Mereka mulai menyusuri jalanan kota Dumai yang tampak padat pagi ini. Arief memaksa untuk menyetir, ia tak ingin adiknya kelelahan karena harus menyetir pulang pergi bandara. Ara masih memiliki tugas menjemput anak-anaknya pulang sekolah siang ini.

"Dek, kalau butuh duit tuh bilang jangan diem. Kalau diem kan mas nggak tau." ucap Arief sambil fokus menyetir.

"Aku duit buat apa mas? Mas ngasih aku duit waktu itu masih utuh. Gimana nggak utuh? Aku makan sama tinggal gratis di rumah mas, mau jajan selalu dibayarin kalian. Keluar ke mall kalian juga yang bayar. Ya duit ku buat apa?" tanya Ara santai sambil menikmati makanan ringan milik Arief.

"Jatah jajan gua di pesawat itu, ngapa dihabisin sih?" protes Arief saat melihat adiknya menghabiskan snacknya.

"Ah elah pelit amat. Udah tajir juga, lu bisa beli pabriknya nih bukan cuma snack nya." Arief mengajak puncak kepala Ara sayang, mereka terkekeh bersama.

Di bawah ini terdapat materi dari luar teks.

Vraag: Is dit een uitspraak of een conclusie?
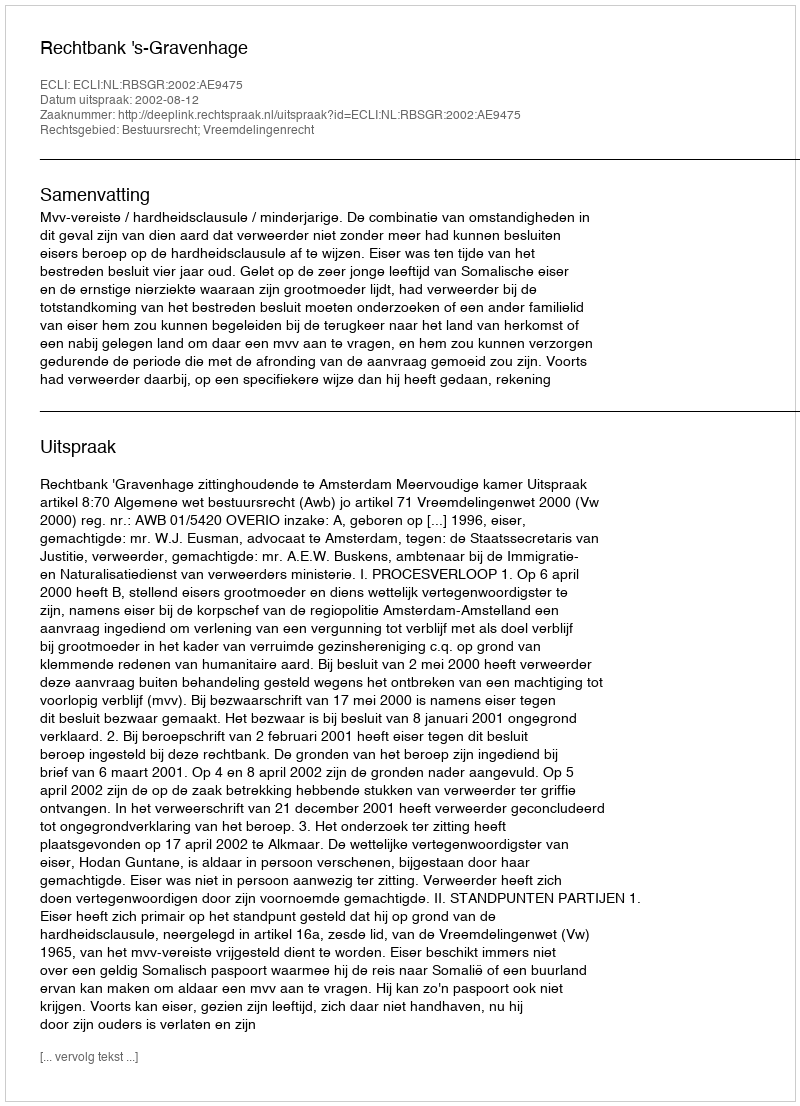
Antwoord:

"Mas bersyukur punya kamu. Pengertian banget. Tanpa diminta ikut turun tangan bantu jaga anak anaknya mas. Kadang mas dan mbak Gita ngrasa gagal jaga amanah dari bapak ibumu. Kamu dikirim kesini buat jernihin pikiran, sampai sini malah direpotin sama mas dan mbak."

"Ngomong apa sih mas, mas. Berarti kalau pikiran ku udah tenang, aku bakal diusir?" tanya Ara menatap sinis pada sang kakak.

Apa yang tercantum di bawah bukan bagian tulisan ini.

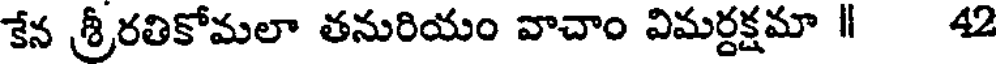
కేన శ్రీరతికోమలా తనురియం వాచాం విమర్దక్షమా ॥ 42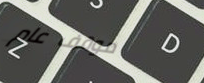
موقف عام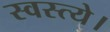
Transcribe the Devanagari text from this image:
स्वस्त्ये।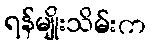
ရန်မျိုးသိမ်းက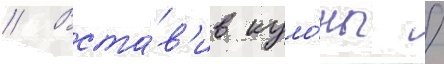
// Вста́в'ив куло́ны /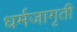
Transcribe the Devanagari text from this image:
धर्मजागृती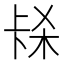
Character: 𭅱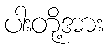
ပါးတို့အား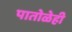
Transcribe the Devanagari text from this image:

"Ya enggak lah enak aja. Kalau kamu mau, kamu bebas tinggal disini sampai kapanpun, atau mau mas carikan suami orang sini?"

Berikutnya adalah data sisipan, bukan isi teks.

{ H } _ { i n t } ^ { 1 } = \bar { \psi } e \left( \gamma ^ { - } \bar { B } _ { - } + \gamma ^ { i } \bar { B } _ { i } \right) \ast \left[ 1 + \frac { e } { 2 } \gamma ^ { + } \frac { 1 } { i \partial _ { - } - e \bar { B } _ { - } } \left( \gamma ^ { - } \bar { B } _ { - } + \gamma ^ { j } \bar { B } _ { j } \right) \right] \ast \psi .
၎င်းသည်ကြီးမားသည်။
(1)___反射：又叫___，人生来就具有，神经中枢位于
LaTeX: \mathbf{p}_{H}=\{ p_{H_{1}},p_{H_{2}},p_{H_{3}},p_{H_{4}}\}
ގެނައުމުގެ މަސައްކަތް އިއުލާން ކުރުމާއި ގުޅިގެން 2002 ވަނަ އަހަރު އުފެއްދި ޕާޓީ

"Aku belum mikir kesana mas, lukaku belum sembuh." ucap Ara dengan mata berkaca-kaca mengingat kejadian pahit yang menimpanya beberapa waktu belakangan.

"Eh Ra. Kalau mas kasih kesempatan liburan ke Singapur, kamu mau?" Arief mencoba mengalihkan perhatian sang adik. Ia tak ingin adiknya terus mengenang kisah pahit yang dialami gadis itu.

"Nggak." jawab Ara tegas. "Ngapain kesana? Sendirian, nggak punya temen. Aku punya impian bawa Andin liburan ke Jogja. Atau nikmati suasana Jogja sama temen kuliah ku dulu."

"Kapan-kapan mas wujudkan." ucap Arief santai.

Sesampainya mereka di bandara, Arief memberikan adiknya banyak wejangan agar berhati-hati. Ara hanya mengantar Arief hingga tempat parkir bandara.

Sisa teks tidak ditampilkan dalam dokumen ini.